B: I’m not sure if I can get through an interview without mentioning Trent Reznor, but he has always inspired me, through his recording methods as well as his choice of collaboration, and just his general attitude towards music. Of course: David Bowie, Chris Corner, Depeche Mode, Massive Attack, The Cure. I do have a tendency to lean on bands from the ’80s.

Vanessa: I’m a huge fan of Karin Dreijer Andersson (Fever Ray, The Knife) and Elizabeth Bernholz (Gazelle Twin). These days I’m mostly listening to techno and textural stuff (Ancient Methods, Klara Lewis, Vatican Shadow, Function, Profligate, OAKE, Adam X, Mondkopf, etc.).

AF: What about other artists: poets, painters, writers – who else has influenced your sound?

F: Literary influences are as important to me as musical influences. There’s the obvious surrealist and nightmarish nods to Kafka, but other authors such as Isak Dinesen, Robert Aickman, Albert Camus, Charles Baudelaire, and William Blake have inspired the lyrics I’ve written for the band, some more directly than others. As for art, the same applies; Francis Bacon seems almost too obvious to mention, but his work is incredibly moving. Francisco De Goya as well. I’m also drawn heavily to bleak, medieval religious art, usually depicting the crueler aspects of Christianity. Perhaps a bit cliché as far as gothic influences are concerned, but lots of imagery to draw upon.

B: David Lynch, John Carpenter, Jim Jarmusch, Anton Corbijn, just to name a few. These guys paint wonderful pictures through film, and I always find it very inspiring.

V: Frank and I have pretty similar tastes in art, so I definitely agree with him on the above, but I think it’s worth mentioning that we’re also all a bunch of huge fucking nerds. I’m not ashamed to admit that lyrical inspiration for me can come just as easily from The Wheel of Time or an episode of Star Trek: TNG as it does from Artaud.

AF: What do you credit to be your muse?

F: My bandmates.

G: Posterity.

V: My shitty life/Being a woman.

B: Dreaming.

AF: Blogs love labels, but how would you describe your music?

F: I don’t ever attest to reinventing the wheel. We all draw from different influences and I mostly consider our sound to be a blend of shoegaze/dream pop, 4AD, and early ’80s post-punk vibes. We generally err on the dreamier side but have no qualms with getting aggressive if the mood calls for it. At this point in the game, creating a new sound is out of the question, but our varied tastes and interests have led to some cross-pollination of genres that hopefully proves to be interesting amidst dozens of modern bands operating in a similar medium.

B: I’m still trying to get a little saxophone in there.

AF: Will you speak to the darker element of your style?

F: Operating in this medium is less of a conscious choice for me than it is a catharsis.
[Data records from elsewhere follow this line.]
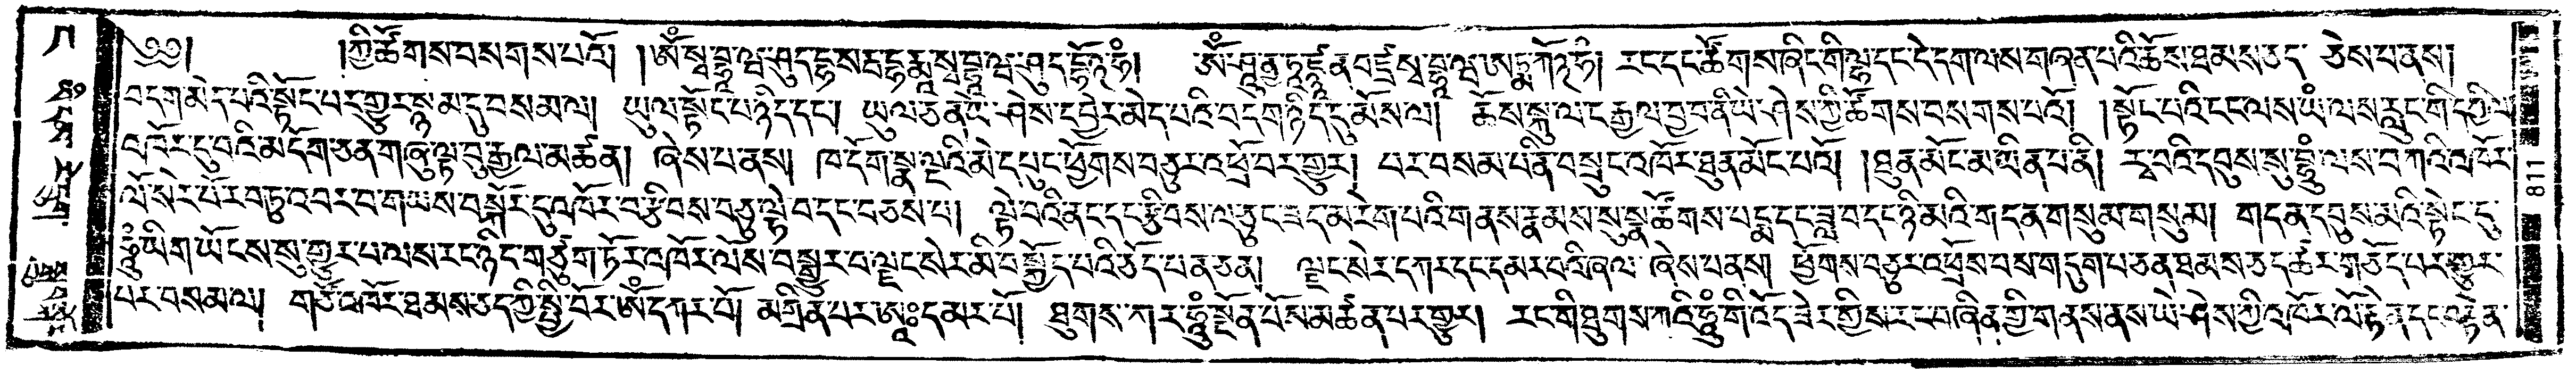༄༅། །ཀྱི་ཚོགས་བསགས་པའོ། །ཨོཾ་སྭ་བྷ་ཝ་བཤུང་དྷ་སརྦ་དྷརྨཱ་སྭ་བྷཱ་ཝ་ཤུདྡྷོ་ཉྷཾ། ཨོཾ་ཤཱུ་ནྱ་ཧཾ། ཨོཾ་ཤཱུ་ནྱ་ཏཱ་ཛྙཱ་ན་བཛྲ་སྭ་བྷཱ་ཝ་ཨཏྨ་ཀོཉ་ཧཾ། རང་དང་ཚོགས་ཞིང་གི་ལྷ་དང་དེ་དག་ལས་གཞན་པའི་ཆོས་ཐམས་ཅད་ཅེས་པ་ནས།
བདག་མེད་པའི་སྟོང་པར་གྱུར་སྙམ་དུ་བསམ་ལ། ཡུལ་སྟོང་བའི་ཉིད་དང་། ཡུལ་ཅན་?་དབྱེར་མེད་པའི་བདག་ཉིད་དུ་མོས་ལ། ཆོས་སྐུ་ལ་ང་རྒྱལ་བྱ་བ་ནི་ཡེ་ཤེས་ཀྱི་ཚོགས་བསགས་པའོ། །སྟོང་པའི་ངང་ལས་ཡཾ་ལས་ཀླུང་གི་དབྱེར་
འཁོར་དུ་བའི་མདོག་ཅན་གཞུ་ལྟ་བུ་རྒྱལ་མཚན། ཞེས་པ་ནས། ཁ་དོག་སྣ་ལྔའི་མ་དཔུང་ཕྱོགས་བཅུར་འཕྲོ་བར་གྱུར། པར་བསམ་པ་ནི་བསྲུང་འཁོར་ཐུན་མོང་པའོ། །ཐུན་མོང་མ་ཡིན་པ་ནི། རྭ་བའི་དབུས་སུ་བྷུཾ་ལས་བཀའི་འཁོར་
ལོ་སེར་པོ་རབ་ཏུ་འབར་བ་གཡས་བསྐོར་དུ་འཁོར་བརྩིབས་བཅུ་ལྟེ་བ་དང་བཅས་པ། ལྟེ་བའི་ནང་དང་རྩིབས་ལ་ཆུང་ཟད་མ་རེག་པའི་གནས་རྣམས་སུ་སྣ་ཚོགས་པདམ་དང་ཟླ་བ་དང་ཉི་མའི་གདན་གསུམ་གསུམ། གདན་དབུས་མའི་སྟེང་དུ་
ཧཱུཾ་ཡིག་ཡོངས་སུ་གྱུར་པ་ལས་རང་ཉིད་གཙུག་ཏོར་འཁོར་ལོས་བསྒྱུར་བ་ལྗང་སེར་མི་བསྐྱོད་པའི་ཅོད་པན་ཅན། ལྗང་སེར་དཀར་དང་དམར་པའི་ཞལ་ཞེས་པ་ནས། ཕྱོགས་བཅུར་འཕྲོས་པས་གདུག་པ་ཅན་ཐམས་ཅད་ཚར་གཅོད་པར་གྱུར་
པར་བསམ་ལ། གཙོ་འཁོར་ཐམས་ཅད་ཀྱི་སྤྱི་བོར་ཨོཾ་དཀར་པོ། མགྲིན་པར་ཨཱཿ དམར་པོ། ཐུགས་ཀར་ཧཱུཾ་སྔོན་པོས་མཚན་པར་གྱུར། རང་གི་ཐུགས་ཀའི་ཧཱུཾ་གི་འོད་ཟེར་གྱིས་རང་བཞིན་གྱི་གནས་ནས་ཡེ་ཤེས་ཀྱི་འཁོར་ལོ་རྟེན་དང་བརྟེན་

Therapy in a sense – a method of expressing otherwise unpleasant thoughts and feelings to make something creative, rather than letting my shadow side consume me.

B: Darkness is way more interesting. And real.
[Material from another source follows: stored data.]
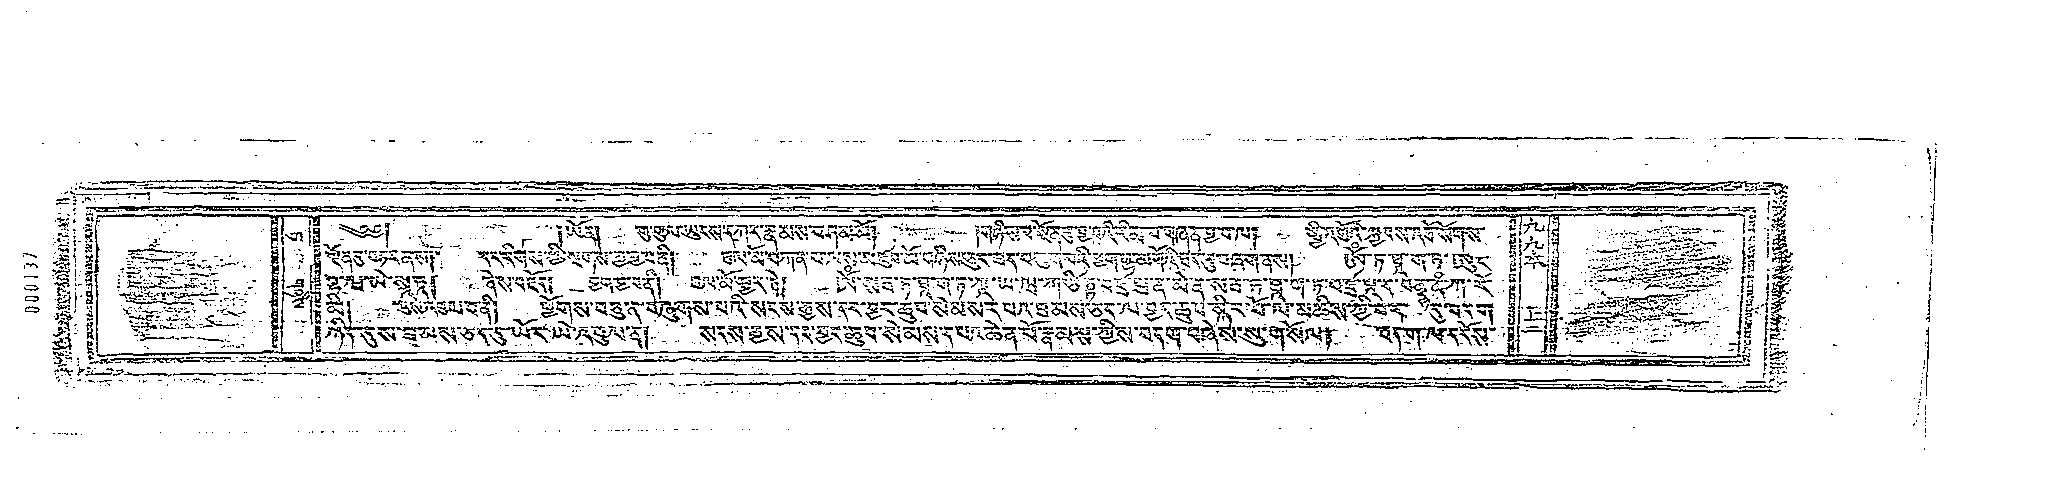༄༅། །ཡོན། གུ་གུལ་ཡུངས་དཀར་རྣམས་བཤམ་མོ། །གཉིས་པ་སྔོན་དུ་བྱ་བའི་རིམ་པ་གཞན་བྱ་བ་ལ། སྤྱི་འགྲོའི་སྐྱབས་འགྲོ་སོགས་
སྔོན་དུ་བཏང་ནས། རང་རིགས་ཀྱི་སྔགས་རྒྱ་བྱ་བ་ནི། ཐལ་མོ་བཀན་པ་ལས་མཛུབ་མོ་གཉིས་ཅུང་ཟད་བཀུག་པའི་ཕྱག་རྒྱ་མགོའི་ཐང་དུ་བཞག་ནས། ཨོཾ་ཏ་ཐཱ་ག་ཏ་ཨུད་
བྷ་ཝ་ཡེ་སྭཱ་ཧཱ། ཞེས་བརྗོད། ཕྱག་བྱ་བ་ནི། ཐལ་མོ་སྦྱར་ཏེ། ཨོཾ་སརྦ་ཏ་ཐཱ་ག་ཏ་ཀཱ་ཡ་ཝ་ཀ་ཙིཏྟ་བཛྲ་པྲ་ན་མེ་ན་སརྦ་ཏ་ཐཱ་ག་ཏ་བཛྲ་པཱ་ད་བེནྡྷ་ནི་ཀ་རོ་
མི། ལུས་འབུལ་བ་ནི། ཕྱོགས་བཅུ་ན་བཞུགས་པའི་སངས་རྒྱས་དང་བྱང་ཆུབ་སེམས་དཔའ་ཐམས་ཅད་ལ་བྱང་ཆུབ་སྙིང་པོ་ལ་མཆིས་ཀྱི་བར་དུ་བདག་
ཉིད་དུས་ཐམས་ཅད་དུ་ཡོང་ཡེ་འབུལ་ན། སངས་རྒྱས་དང་བྱང་ཆུབ་སེམས་དཔའ་ཆེན་པོ་རྣམས་ཀྱིས་བདག་བཞེས་སུ་གསོལ། བདག་ལ་དངོས་
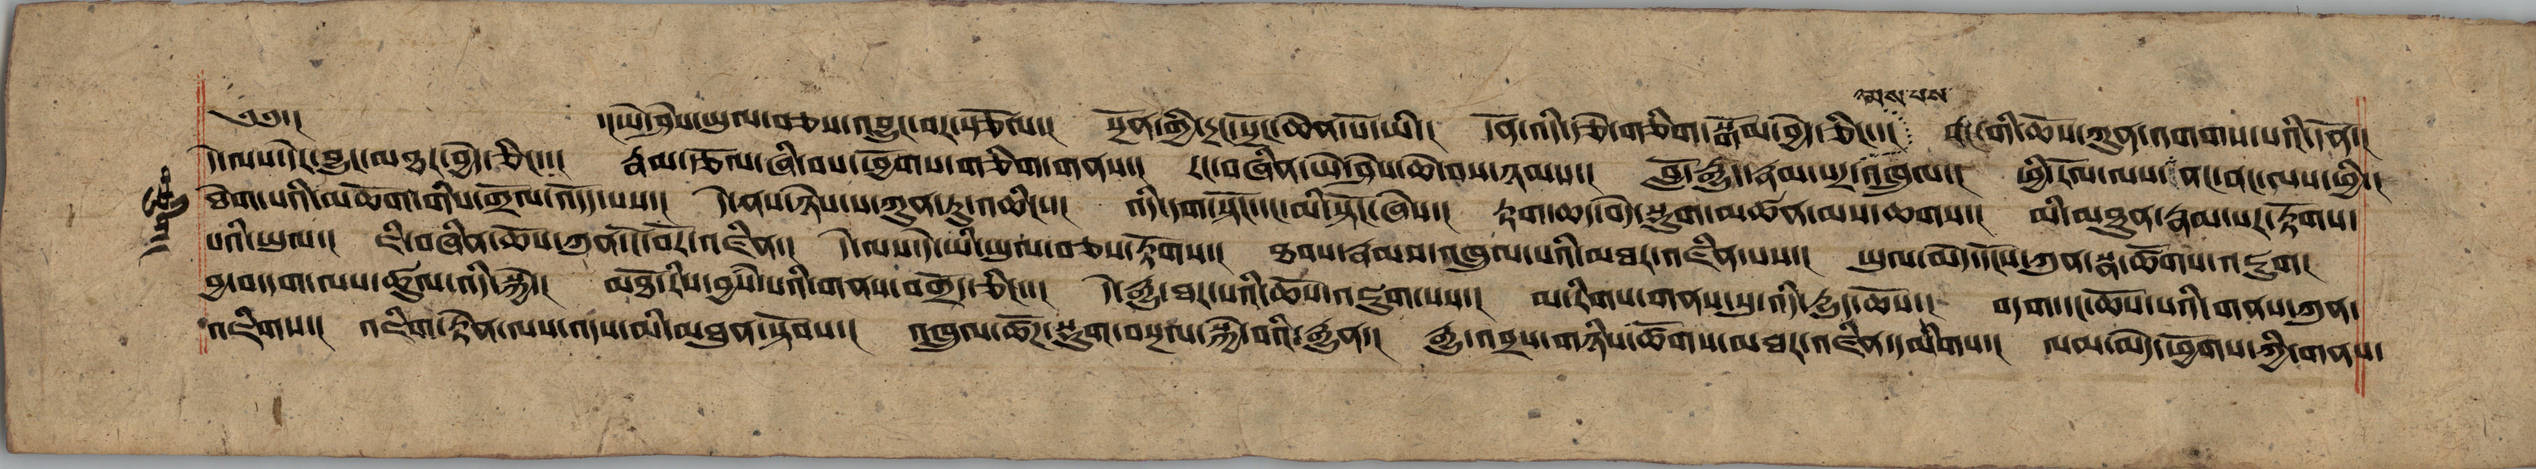༄༅་། ་།ཡེ་ཤེས་ཡུལ་བཅས་འབྱུང་བར་རྩོལ་། སྔོན་གྱི་དྲང་སྲོང་ཆེན་པོ་ཡི་། དོན་འདི་རྩེ་གཅིག་སྒོམ་བྱེད་ཅིང་་། རང་གི་ཆོས་ཀུན་འགགས་པའི་དོན་།
དེ་ལས་དེར་བྱུང་མཐར་བྱེད་ཅིང་་། རྣམ་རྩོལ་ཞི་བས་ཕྱོགས་གཅིག་གནས་། རང་བཞིན་ཡེ་ཤེས་ཆེ་བས་ཉམས་། བློ་རྒྱུད་རྣམ་པར་འཁྲུལ་། ཕྱི་རོལ་ལས་ནང་ནང་ལས་ཕྱི་།
ཐེག་པའི་མཆོག་གིས་གྲོལ་འདོད་པས་། དེ་ནས་ཉེས་པ་ཀུན་ཏུ་འཆིངས་། འདི་དག་སྟོང་དང་མི་སྟོང་ཞེས་། རྟག་ཆད་བདེ་སྡུག་མཚན་མས་ཆགས་། མི་མཐུན་རྣམ་པར་རྟོགས་
པའི་ཡུལ་། ཇི་བཞིན་ཆོས་ཀུན་ངོ་བོར་འཛིན་། དེ་ལས་དེ་ཡི་ཡུལ་བཅས་རྟོགས་། ཐབས་རྣམས་འཁྲུལ་པའི་མཐར་འཛིན་པས་། ཡུལ་མེད་དངོས་ཀུན་སྣ་ཚོགས་འཇུག།
བྱ་བ་དག་ལས་ཚུལ་འདི་སྐྱེ་། མཐོ་རིས་བྱཾས་པའི་གནས་བགྲོད་ཅིང་། དེ་རྒྱུ་ཐར་པའི་ཆོས་འཇུག་པས་། མ་རིགས་གནས་སུ་འདི་རྱུད་ཆོས་། བདག་དང་ཆོས་པའི་གནས་ཀུན་
འཇིགས་། འཇིག་རྟེན་ལས་འདས་མི་མཐུན་སྟོབས་། འཁྲུལ་ཚོཌ་སྡུག་བསྔལ་སྐྱེ་བའི་རྒྱུན་། རྒྱུ་འབྲས་གཉིས་ཚོགས་མཐར་འཛིན་དམིགས་། ལམ་མེད་ཕྱོགས་ཀྱི་གནས་

AF: If you could collaborate with any artist, who would it be?

F: At this point, the idea of collaborating with someone famous is an overwhelming thought. Sorry for the cop out, but I can say that we’re looking forward to some collaborations from some of our peers, both original and in remix form. More on this as it develops!

B: Sorry Frank, but I’m going with Pee-Wee Herman.

AF: Will you tell me about your current LP you’re working on?

F: We spent the majority of 2014 hunkering down and working on the record. We recorded Silhouettes in piecemeal form over the course of the year, layering synths and guitars and drums as they fell into place. The record is currently in the can and is being mixed as we speak by the uber-talented Xavier Paradis, and will hopefully see release this fall via aufnahme + wiedergabe.

AF: How does it differentiate from previous work?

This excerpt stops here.